For a nonnegative variable, the moments can be obtained from integrals of the right-tail distribution function.

If \(X\) is a nonnegative random variable then \[ \E\left(X^n\right) = \int_0^\infty n x^{n-1} \P(X \gt x) \, dx \]

Details:

By Fubini's theorem we can interchange an expected value and integral when the integrand is nonnegative. Hence \[ \int_0^\infty n x^{n-1} \P(X \gt x) \, dx = \int_0^\infty n x^{n-1} \E\left[\bs{1}(X \gt x)\right] \, dx = \E \left(\int_0^\infty n x^{n-1} \bs{1}(X \gt x) \, dx \right) = \E\left( \int_0^X n x^{n-1} \, dx \right) = \E\left(X^n\right) \]

When \( n = 1 \) we have \( \E(X) = \int_0^\infty \P(X \gt x) \, dx \).

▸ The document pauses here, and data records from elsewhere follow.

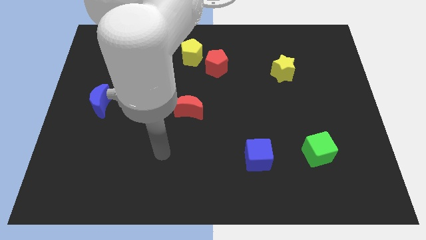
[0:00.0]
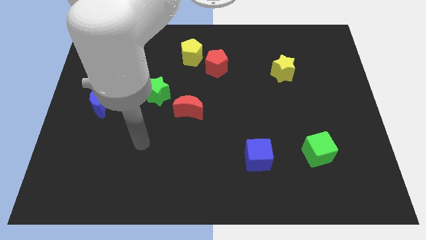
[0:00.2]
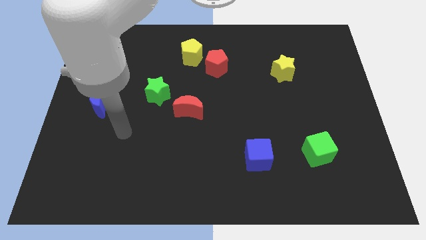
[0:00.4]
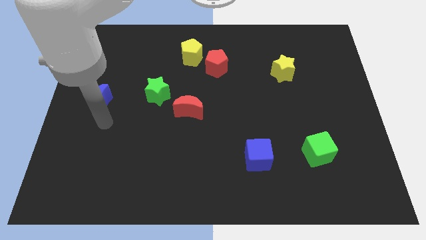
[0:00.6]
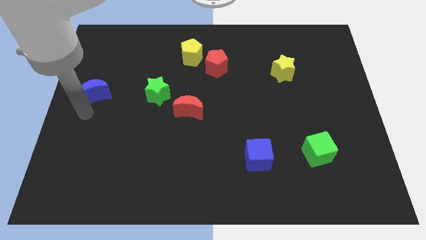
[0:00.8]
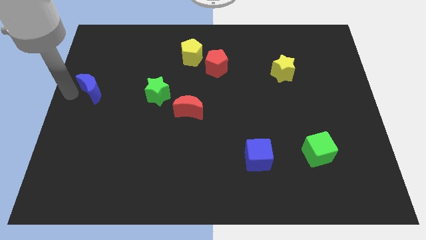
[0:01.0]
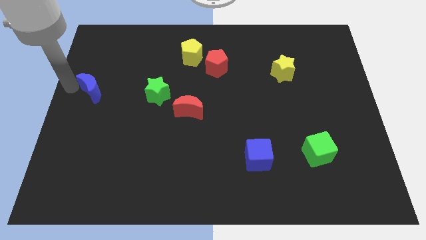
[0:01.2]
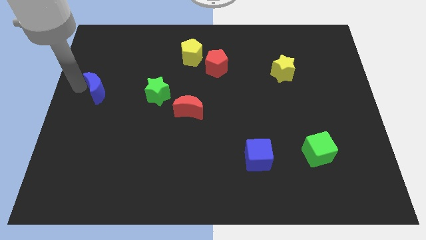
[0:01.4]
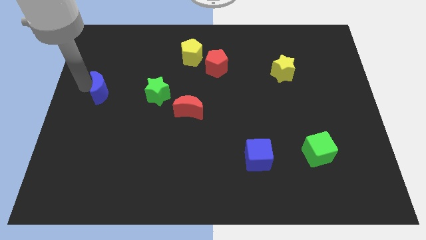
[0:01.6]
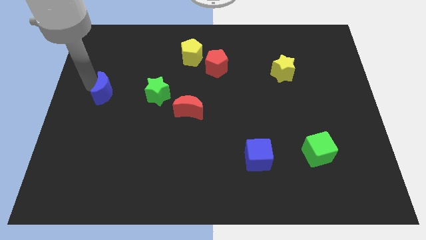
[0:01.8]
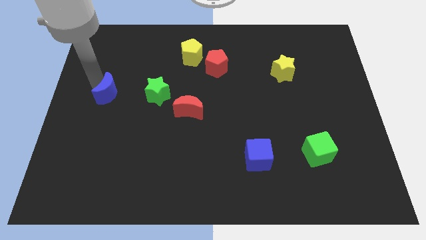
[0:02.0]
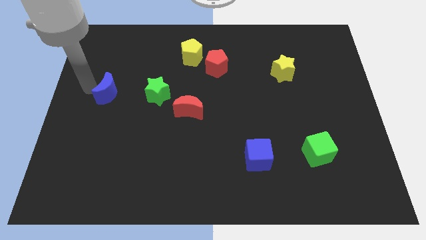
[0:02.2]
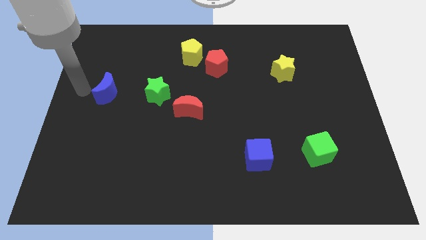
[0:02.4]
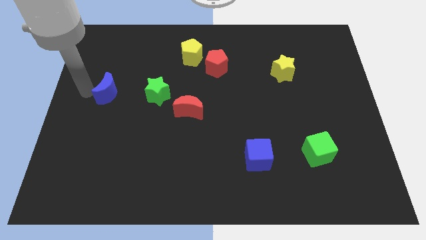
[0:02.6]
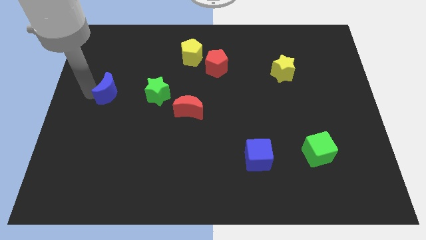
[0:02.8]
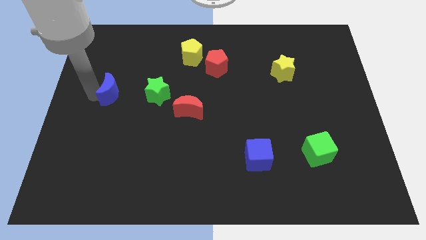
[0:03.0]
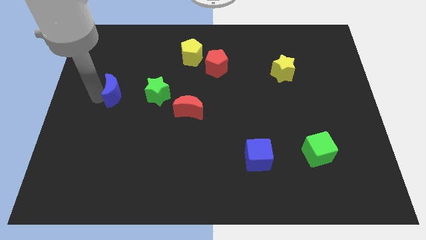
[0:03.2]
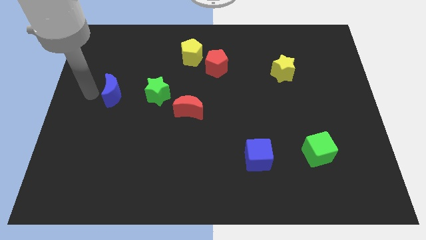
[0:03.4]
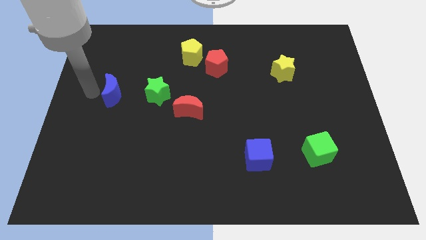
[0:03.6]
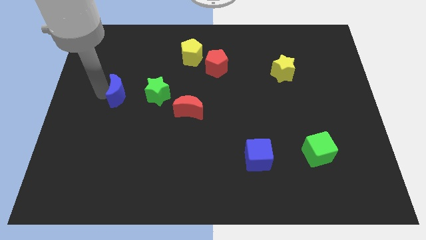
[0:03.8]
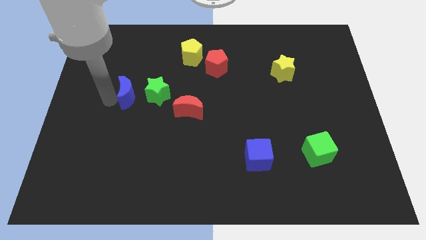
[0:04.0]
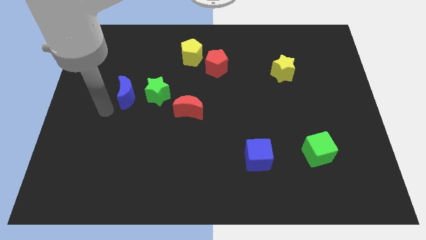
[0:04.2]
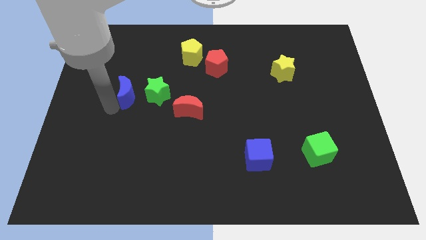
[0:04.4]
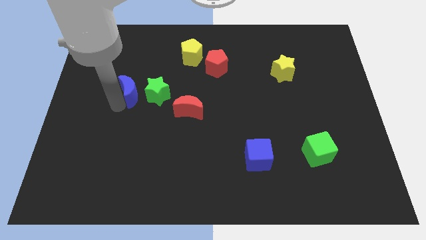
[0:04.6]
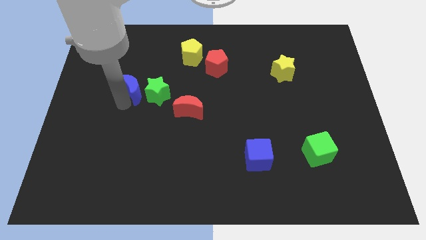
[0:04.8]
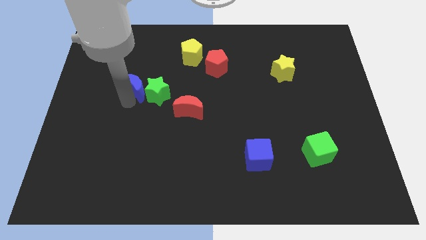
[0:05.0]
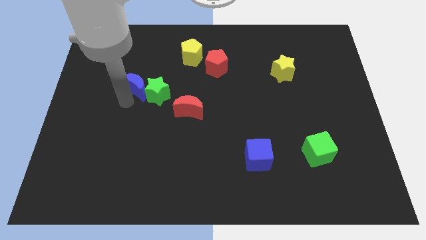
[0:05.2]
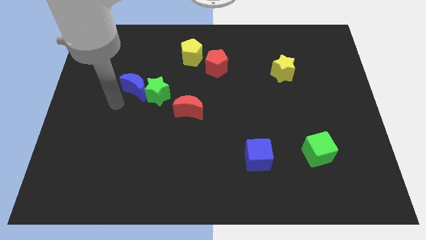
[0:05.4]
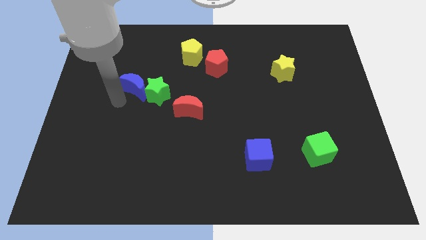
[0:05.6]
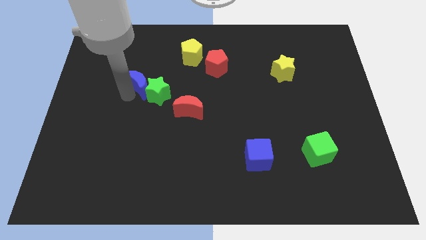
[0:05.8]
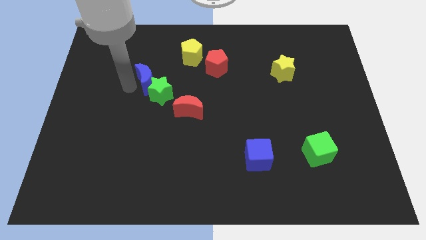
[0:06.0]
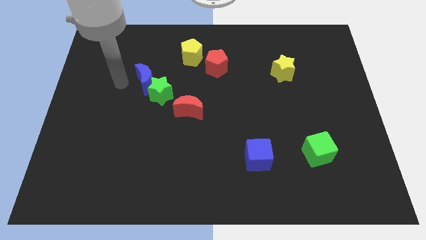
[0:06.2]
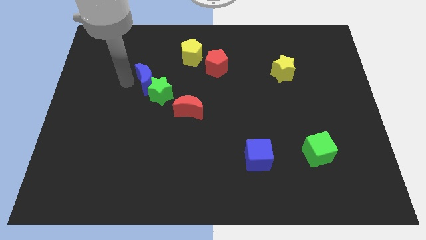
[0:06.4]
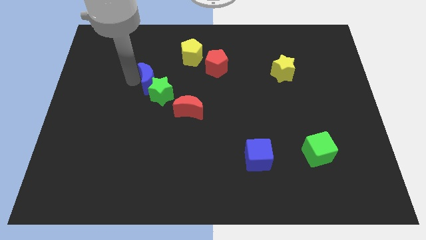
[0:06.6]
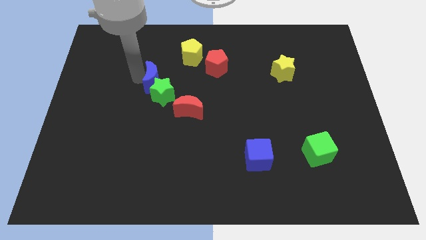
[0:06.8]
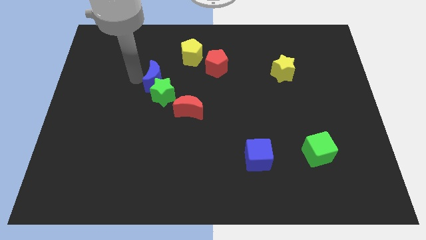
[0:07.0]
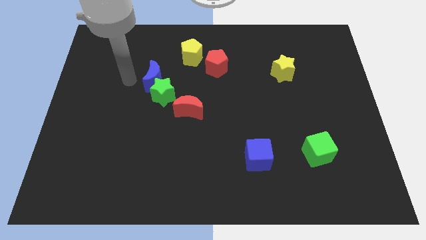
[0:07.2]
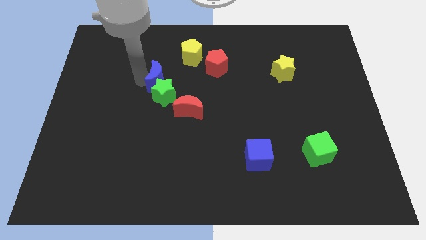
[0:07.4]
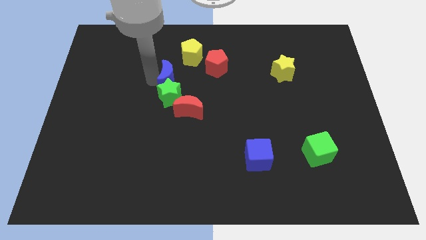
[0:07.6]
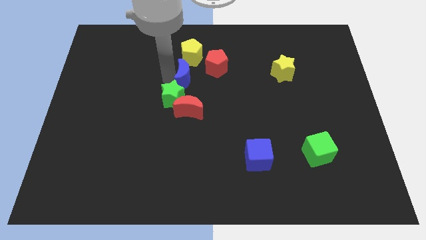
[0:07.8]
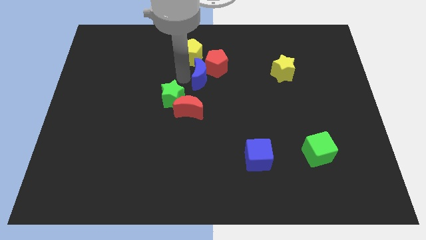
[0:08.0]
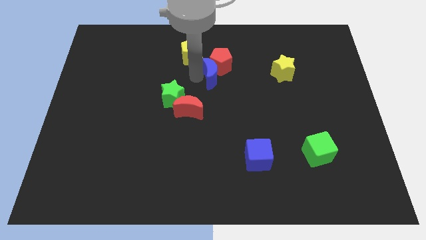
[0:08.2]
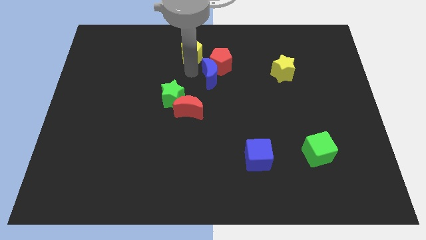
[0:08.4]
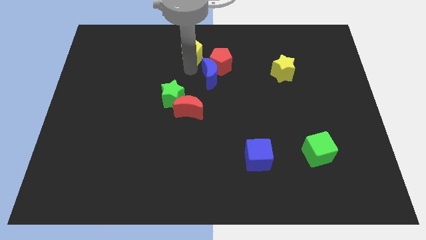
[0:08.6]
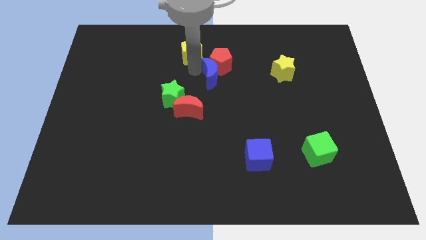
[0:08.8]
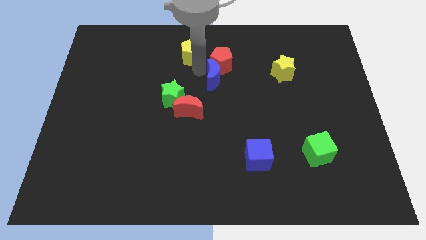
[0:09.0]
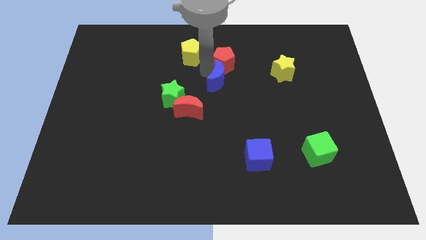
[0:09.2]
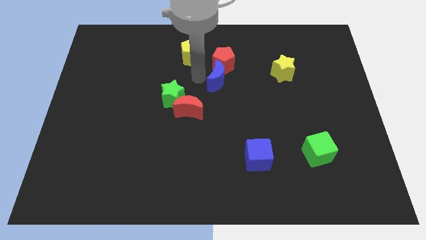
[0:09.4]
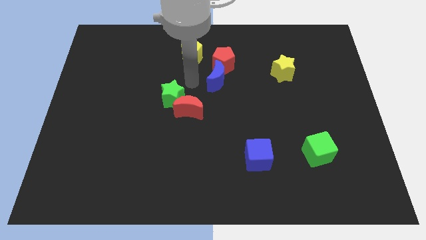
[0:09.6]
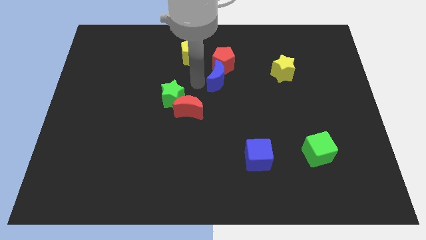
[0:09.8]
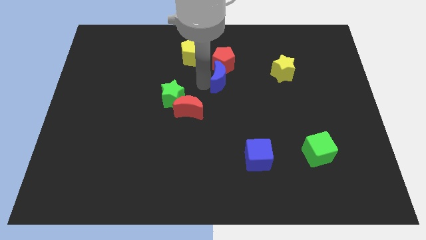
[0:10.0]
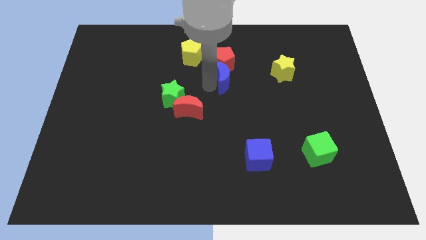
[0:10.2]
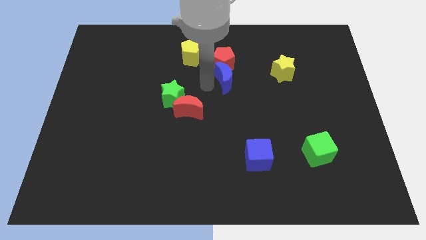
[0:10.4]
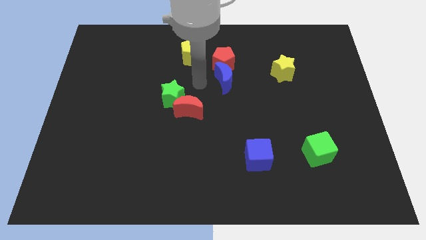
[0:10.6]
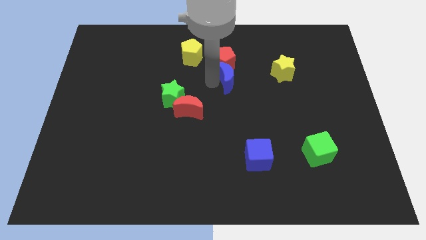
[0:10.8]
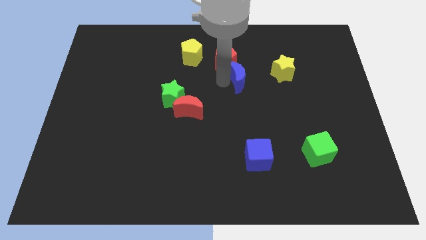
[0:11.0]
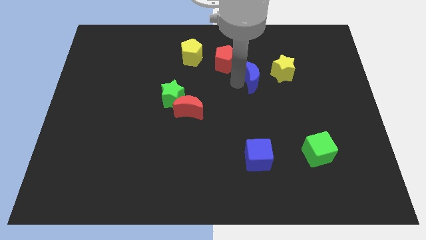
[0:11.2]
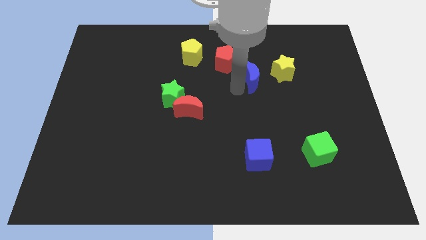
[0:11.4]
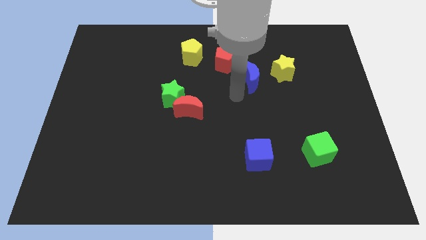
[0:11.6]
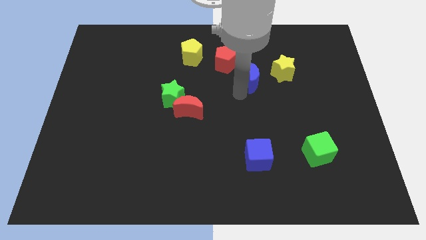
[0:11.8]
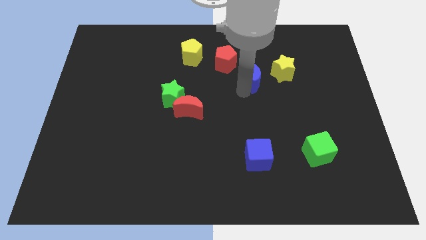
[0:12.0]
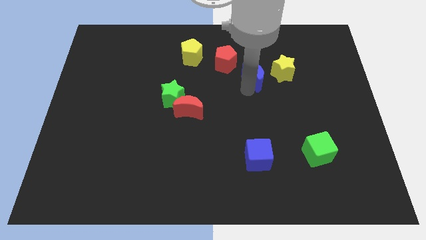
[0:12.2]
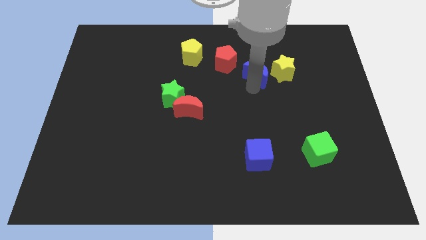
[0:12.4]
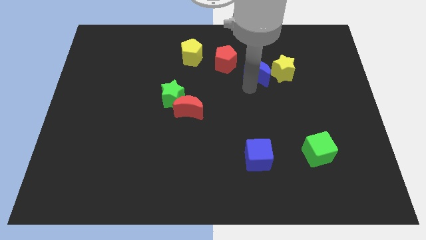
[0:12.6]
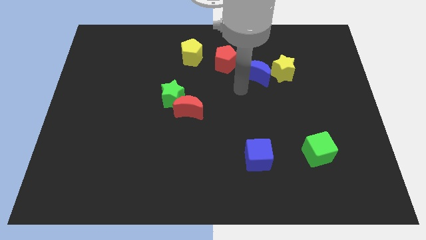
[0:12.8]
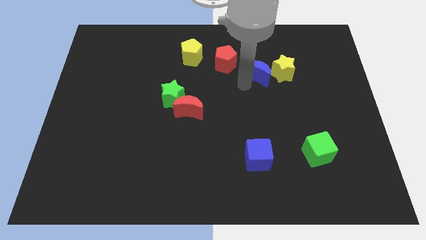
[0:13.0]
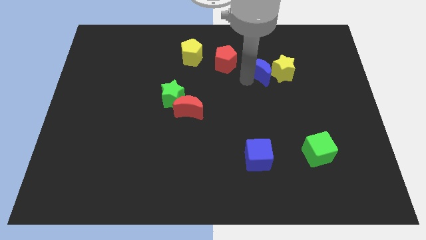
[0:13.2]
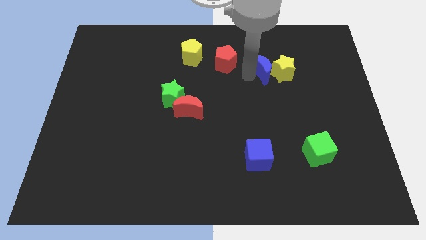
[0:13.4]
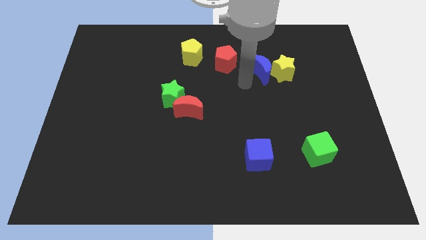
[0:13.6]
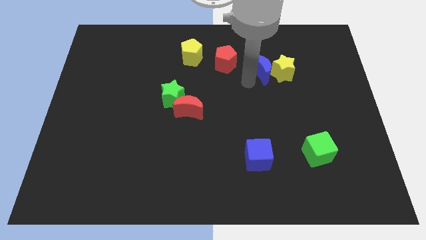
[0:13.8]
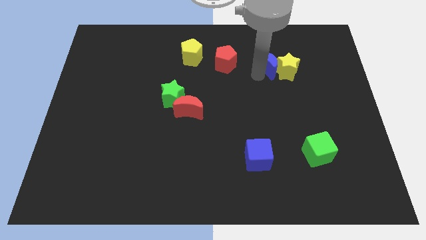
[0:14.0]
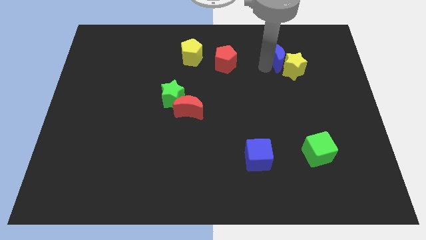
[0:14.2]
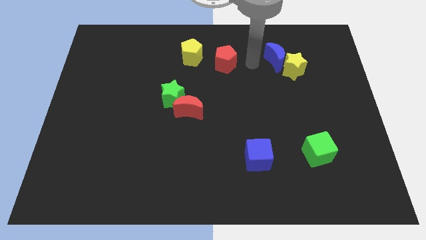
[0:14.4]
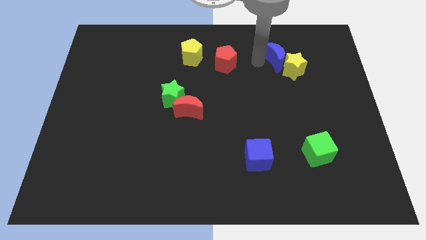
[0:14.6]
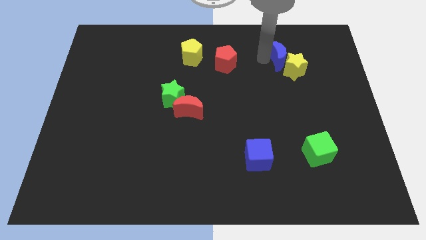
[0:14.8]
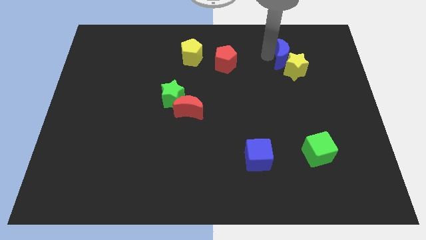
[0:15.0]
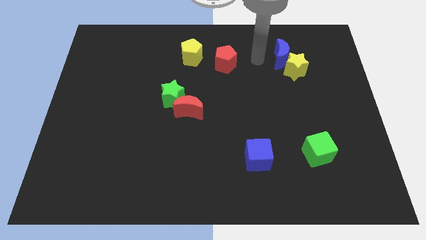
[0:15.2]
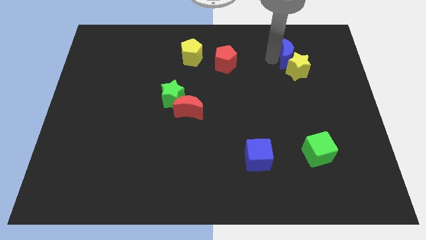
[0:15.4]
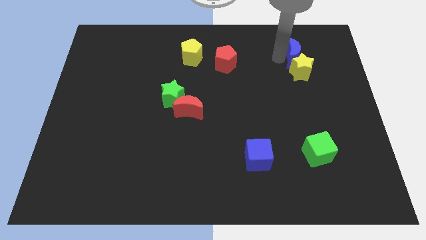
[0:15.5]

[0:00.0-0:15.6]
push the blue moon diagonally up and to the right of the yellow star

We saw this result before, but now we can understand the proof in terms of Fubini's theorem.

For a random variable taking nonnegative integer values, the moments can be computed from sums involving the right-tail distribution function.

Suppose that \(X\) has a discrete distribution, taking values in \(\N\). Then \[ \E\left(X^n\right) = \sum_{k=1}^\infty \left[k^n - (k - 1)^n\right] \P(X \ge k) \]

Details:

By the theorem in , we can interchange expected value and infinite series when the terms are nonnegative. Hence \[ \sum_{k=1}^\infty \left[k^n - (k - 1)^n\right] \P(X \ge k) = \sum_{k=1}^\infty \left[k^n - (k - 1)^n\right] \E\left[\bs{1}(X \ge k)\right] = \E\left(\sum_{k=1}^\infty \left[k^n - (k - 1)^n\right] \bs{1}(X \ge k) \right) = \E\left(\sum_{k=1}^X \left[k^n - (k - 1)^n\right] \right) = \E\left(X^n\right) \]

When \( n = 1 \) we have \( \E(X) = \sum_{k=0}^\infty \P(X \ge k) \). We also saw this result before, but now we can understand the proof in terms of the interchange of sum and expected value.